The 2022 market saw the largest single-year price increase in the dataset, with average sale prices jumping by an astonishing 29.2% compared to 2021. This period coincided with historically low mortgage rates and intense competition for limited housing inventory across premium suburbs.
When comparing market phases, the contrast is dramatic. The average sale price during the recession period (2009-2011) was $1.4 million, while the recent market (2023-2024) averaged $2.43 million – representing a 73.6% increase between these two periods.
Market Phases and Economic Influences
Market Phase | Years | Avg. Sale Price | Avg. Days on Market | Key Characteristics |
---|---|---|---|---|
Pre-Recession | 2006-2008 | $1,671,011 | 105 | Stable market with moderate price growth |
Recession | 2009-2011 | $1,401,480 | 112 | Reduced sales volume, extended days on market, price declines |
Post-Recovery | 2012-2019 | $1,501,503 | 112 | Gradual recovery with stable prices and moderate activity |
COVID Era | 2020-2022 | $1,932,058 | 70 | Explosive growth in both volume and prices, rapid market velocity |
Recent Market | 2023-2024 | $2,431,740 | 48 | Lower volume but continued price growth, extremely quick sales |
The data reveals distinct market phases that closely align with broader economic conditions. The 2008 financial crisis impact is evident in both price reductions and slowing market velocity, with the market taking several years to fully recover. The post-2020 surge coincides with pandemic-driven migration patterns, historically low interest rates, and changing work arrangements.

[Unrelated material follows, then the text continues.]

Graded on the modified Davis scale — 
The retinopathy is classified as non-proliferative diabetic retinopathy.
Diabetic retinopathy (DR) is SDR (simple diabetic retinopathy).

Interestingly, while many markets have experienced cooling in both price and velocity due to rising interest rates in 2023-2024, Westport has maintained strong price appreciation even as transaction volume has decreased. This suggests the premium suburban market remains resilient, likely supported by affluent buyers who are less sensitive to interest rate fluctuations.
Market Outlook and Conclusions
Based on the comprehensive market analysis, several key conclusions emerge:
1. Unprecedented Value Growth: Westport property values have reached historic highs, with current average sale prices 66% above pre-pandemic levels and 59% higher than the pre-2008 recession peak.
2. Structural Market Shift: The fundamental relationship between buyers and sellers has transformed, with sellers now consistently achieving above-asking prices – a pattern that was rare before 2021.
3. Supply-Demand Imbalance: Despite reduced transaction volume, the continued decrease in days on market indicates persistent inventory shortages relative to demand.
4. Market Velocity: Properties are selling more quickly than at any point in the past 19 years, with current average days on market at just 40-42 days, compared to the historical average of approximately 100 days.
5. Premium Market Resilience: Westport’s high-end market has demonstrated remarkable resilience through multiple economic cycles, with particularly strong performance during and after the pandemic.
Looking ahead to the remainder of 2025, early data suggests continued price strength despite transaction volume constraints. While the 2025 Q1 data shows only 44 sales, this represents typical seasonal patterns rather than a significant market shift. Prospective buyers should be prepared for a highly competitive environment, while sellers continue to benefit from favorable market conditions that have now extended beyond the initial post-pandemic boom.